Since a published may want to be able to re-use the root certificate for multiple torrents, the CommonName field (or actually the SubjectAltName fields, same rules apply as in RFC 2818) which normally contains the hostname, must contain either the name of the torrent (the “name” field) or “*”. Star indicating that any torrent is OK. Peers honors this by verifying this field to match when accepting connections. This allows the publisher to use a single key, with a single tracker, for multiple torrents, with different access control for each.

Since one peer may have multiple torrents, the SNI (server name indication) extension to TLS is used to indicate which torrent a peer is connecting to. Any outgoing SSL connection will set the SNI field to the hex encoded info-hash of the torrent. Since this is all happening during the SSL handshake, it happens before the bittorrent protocol has a chance to indicate which info-hash it’s talking to. In the case of SSL, it is required that the bittorrent level info-hash matches the one specified in the SNI field. If they don’t match, the connection is dropped. SNI support is required, if there is not SNI field in an incoming connection, it is dropped.

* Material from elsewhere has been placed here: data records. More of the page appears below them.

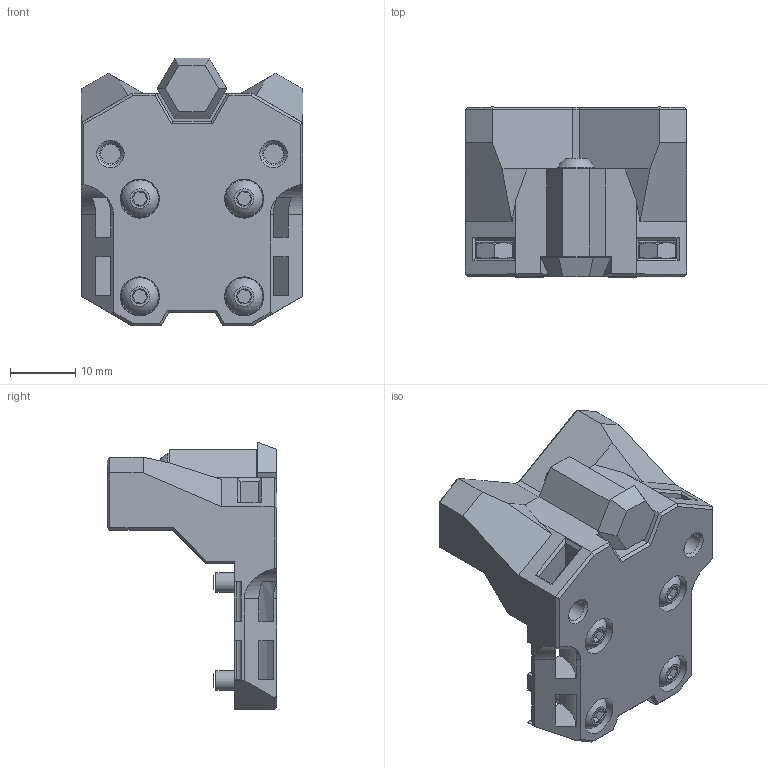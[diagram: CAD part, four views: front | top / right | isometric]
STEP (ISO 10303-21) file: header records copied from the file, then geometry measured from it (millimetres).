
FILE_DESCRIPTION(/* description */ (''),/* implementation_level */ '2;1');
FILE_NAME(/* name */ 'MGN9-H_X_Carriage.step',/* time_stamp */ '2023-01-24T19:18:41-05:00',/* author */ (''),/* organization */ (''),/* preprocessor_version */ 'ST-DEVELOPER v19.2',/* originating_system */ 'Autodesk Translation Framework v11.17.0.187',/* authorisation */ '');
FILE_SCHEMA (('AUTOMOTIVE_DESIGN { 1 0 10303 214 3 1 1 }'));
Length unit declared in the file: millimetre
Products named in the file (7): X Carriage - MGN9-H; x_carriage; Hardware; M3x8 BHCS v2; M3x16 BHCS v2; M3 Hex Nut v4; M3 Threaded Insert v3
Assembly tree (11 placements, depth 3):
  X Carriage - MGN9-H
    x_carriage
    Hardware
      M3x8 BHCS v2  x4
      M3x16 BHCS v2
      M3 Hex Nut v4  x2
      M3 Threaded Insert v3  x2
Bounding box: 34 x 26 x 41.02 mm (x, y, z)
Volume: 12858.8 mm3; surface area: 7461.5 mm2
Topology: 11 solids, 11 shells, 618 faces, 1580 edges, 1005 vertices
Faces by surface type: plane 272, bspline 156, cylinder 111, cone 74, sphere 5
Full cylindrical faces by diameter (mm): 2.9 x2, 3 x7, 3.4 x9, 4.2 x2, 4.25 x2, 4.6 x2, 4.7 x2, 5.7 x5, 6 x4
Entity records: 14711 total; most frequent: CARTESIAN_POINT 4809, ORIENTED_EDGE 2194, DIRECTION 1738, EDGE_CURVE 1097, VERTEX_POINT 699, AXIS2_PLACEMENT_3D 582, LINE 574, VECTOR 574
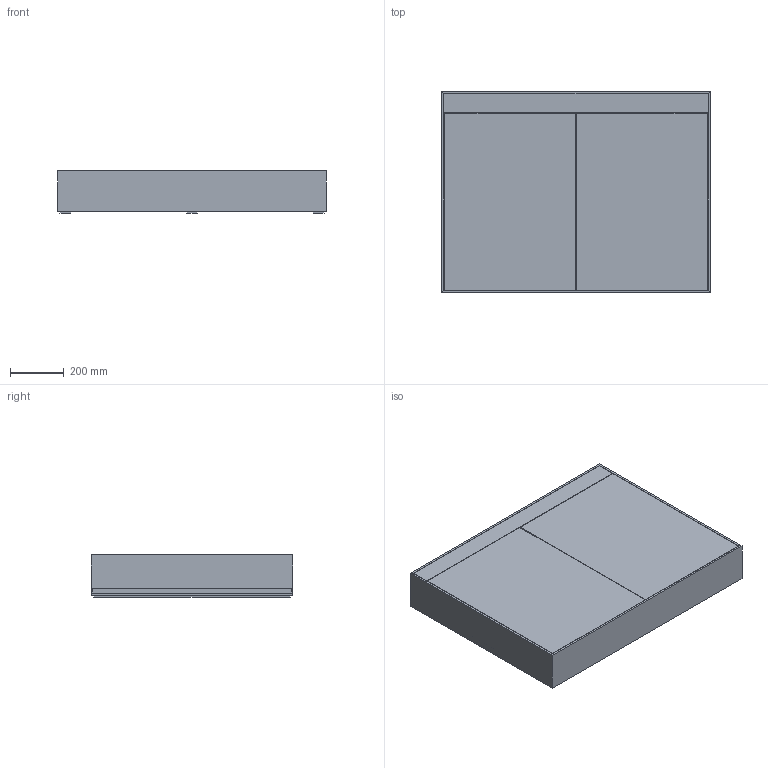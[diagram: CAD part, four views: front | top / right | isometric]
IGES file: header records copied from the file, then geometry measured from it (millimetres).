
Start section: SolidWorks IGES file using analytic representation for surfaces
Global section: file name: SCA-SPS2-10.IGS; native system: SolidWorks 2019; preprocessor: SolidWorks 2019; author: r.frank; date: 200803.095956; units: millimetre
Bounding box: 1000 x 750 x 157 mm (x, y, z)
Surface area: 6761511.5 mm2 (no closed solid volume)
Topology: 0 solids, 0 shells, 355 faces, 3932 edges, 3932 vertices
Faces by surface type: bspline 271, revolution 84
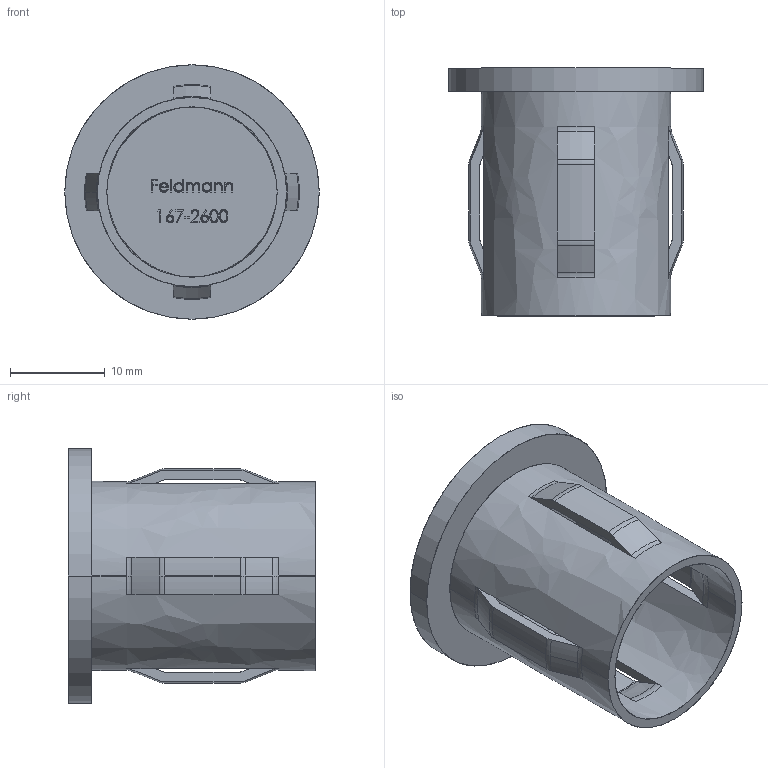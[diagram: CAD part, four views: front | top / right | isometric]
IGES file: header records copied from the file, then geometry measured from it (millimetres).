
Start section: SolidWorks IGES file using analytic representation for surfaces
Global section: file name: 167-2600.igs; native system: SolidWorks 2018; preprocessor: SolidWorks 2018; author: Christian; date: 201104.141919; units: millimetre
Bounding box: 26.9 x 26.2 x 26.9 mm (x, y, z)
Surface area: 4409.5 mm2 (no closed solid volume)
Topology: 0 solids, 0 shells, 291 faces, 3072 edges, 3072 vertices
Faces by surface type: bspline 255, revolution 36
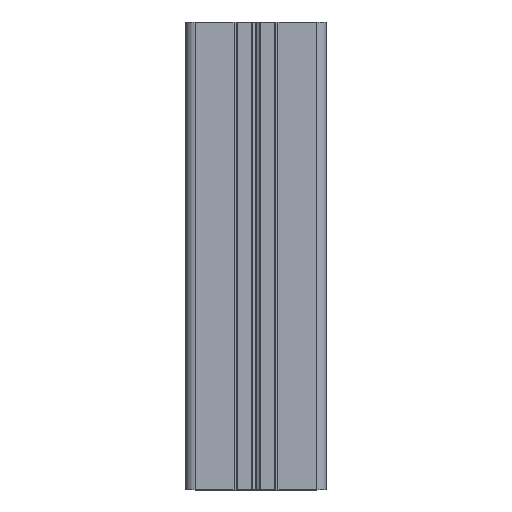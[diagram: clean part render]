
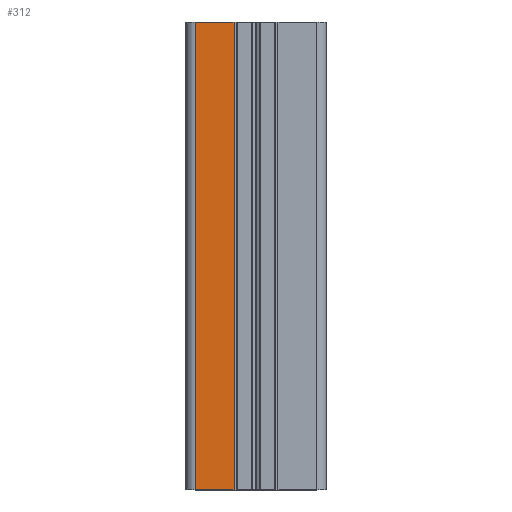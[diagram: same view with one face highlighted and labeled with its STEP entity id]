
A CAD part, top view. The second image highlights one B-rep face of the part: STEP entity #312.
In plain terms, the highlighted planar face has unit normal (0, 0, 1).
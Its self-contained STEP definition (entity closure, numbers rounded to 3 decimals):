
#312 = ADVANCED_FACE( '', ( #737 ), #738, .T. );
#737 = FACE_OUTER_BOUND( '', #1272, .T. );
#738 = PLANE( '', #1273 );
#1272 = EDGE_LOOP( '', ( #2251, #2252, #2253, #2254 ) );
#1273 = AXIS2_PLACEMENT_3D( '', #2255, #2256, #2257 );
#2251 = ORIENTED_EDGE( '', *, *, #3547, .F. );
#2252 = ORIENTED_EDGE( '', *, *, #3488, .F. );
#2253 = ORIENTED_EDGE( '', *, *, #3714, .T. );
#2254 = ORIENTED_EDGE( '', *, *, #3715, .T. );
#2255 = CARTESIAN_POINT( '', ( -4.7, 100., 15. ) );
#2256 = DIRECTION( '', ( 0., 0., 1. ) );
#2257 = DIRECTION( '', ( 1., 0., 0. ) );
#3488 = EDGE_CURVE( '', #4292, #4288, #4294, .T. );
#3547 = EDGE_CURVE( '', #4288, #4395, #4396, .T. );
#3714 = EDGE_CURVE( '', #4292, #4666, #4667, .T. );
#3715 = EDGE_CURVE( '', #4666, #4395, #4668, .T. );
#4288 = VERTEX_POINT( '', #5400 );
#4292 = VERTEX_POINT( '', #5405 );
#4294 = LINE( '', #5407, #5408 );
#4395 = VERTEX_POINT( '', #5541 );
#4396 = LINE( '', #5542, #5543 );
#4666 = VERTEX_POINT( '', #5903 );
#4667 = LINE( '', #5904, #5905 );
#4668 = LINE( '', #5906, #5907 );
#5400 = CARTESIAN_POINT( '', ( -4.7, 0., 15. ) );
#5405 = CARTESIAN_POINT( '', ( -4.7, 100., 15. ) );
#5407 = CARTESIAN_POINT( '', ( -4.7, 100., 15. ) );
#5408 = VECTOR( '', #6599, 1000. );
#5541 = CARTESIAN_POINT( '', ( -13., 0., 15. ) );
#5542 = CARTESIAN_POINT( '', ( -4.7, 0., 15. ) );
#5543 = VECTOR( '', #6686, 1000. );
#5903 = CARTESIAN_POINT( '', ( -13., 100., 15. ) );
#5904 = CARTESIAN_POINT( '', ( -4.7, 100., 15. ) );
#5905 = VECTOR( '', #6951, 1000. );
#5906 = CARTESIAN_POINT( '', ( -13., 100., 15. ) );
#5907 = VECTOR( '', #6952, 1000. );
#6599 = DIRECTION( '', ( 0., -1., 0. ) );
#6686 = DIRECTION( '', ( -1., 0., 0. ) );
#6951 = DIRECTION( '', ( -1., 0., 0. ) );
#6952 = DIRECTION( '', ( 0., -1., 0. ) );
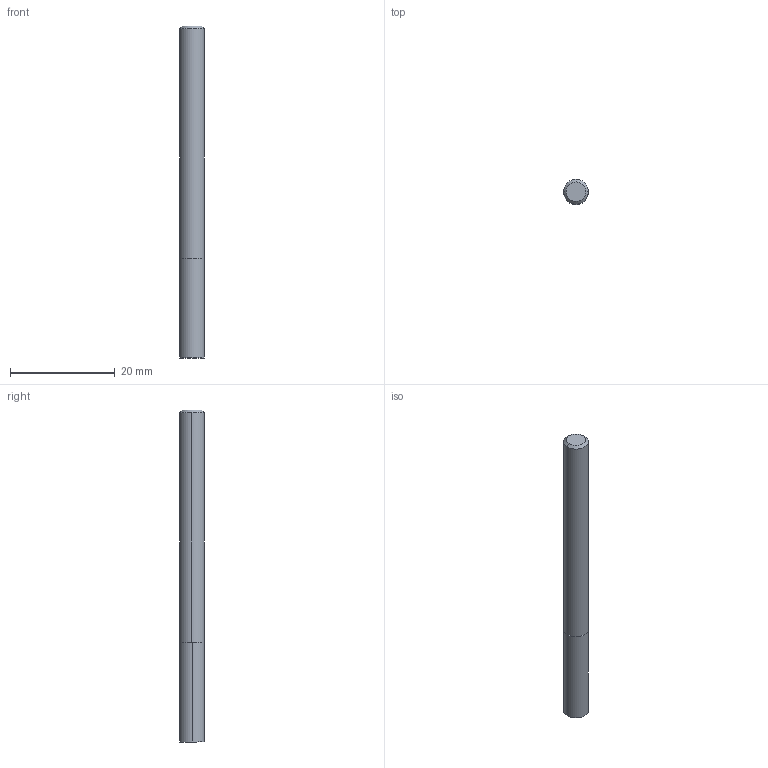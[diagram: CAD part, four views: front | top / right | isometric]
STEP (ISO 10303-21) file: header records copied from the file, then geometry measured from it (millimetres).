
FILE_DESCRIPTION (( 'STEP AP203' ), '1' );
FILE_NAME ('70472.STEP', '2024-02-29T02:25:45', ( '' ), ( '' ), 'SwSTEP 2.0', 'SolidWorks 2023', '' );
FILE_SCHEMA (( 'CONFIG_CONTROL_DESIGN' ));
Length unit declared in the file: inch
Products named in the file (1): 70472
Bounding box: 4.76 x 4.76 x 63.5 mm (x, y, z)
Volume: 1129.4 mm3; surface area: 1016.3 mm2
Topology: 2 solids, 2 shells, 12 faces, 20 edges, 12 vertices
Faces by surface type: cylinder 4, plane 4, cone 4
Entity records: 361 total; most frequent: DIRECTION 58, CARTESIAN_POINT 45, ORIENTED_EDGE 40, AXIS2_PLACEMENT_3D 25, EDGE_CURVE 20, FACE_OUTER_BOUND 12, EDGE_LOOP 12, VERTEX_POINT 12

If the tracker of an SSL torrent uses HTTPS, the server is expected to present a certificate signed by the same root CA cert that’s in the .torrent file. This finally closes the loop of having properly authenticated trackers, verified by something in the .torrent file itself (which is controlled by the publisher). The same is expected from any web seed with an HTTPS URL.

More information is available here.

Future expansion

One future possibility with SSL torrents is to use the unique and identifying keys each peer has to sign piece requests, or some sort of digital coin, to prove that something was uploaded to someone. With such a scheme, tracker would no longer have to rely on the client stats reporting being honest (and would no longer create an incentive to lie in those reports).

This is a scheme that was actually implemented in the bittorrent downloader at headweb, where each peer would “buy” blocks from each other, and then cache them in for store credit. Creating a true incentive to keep seeding.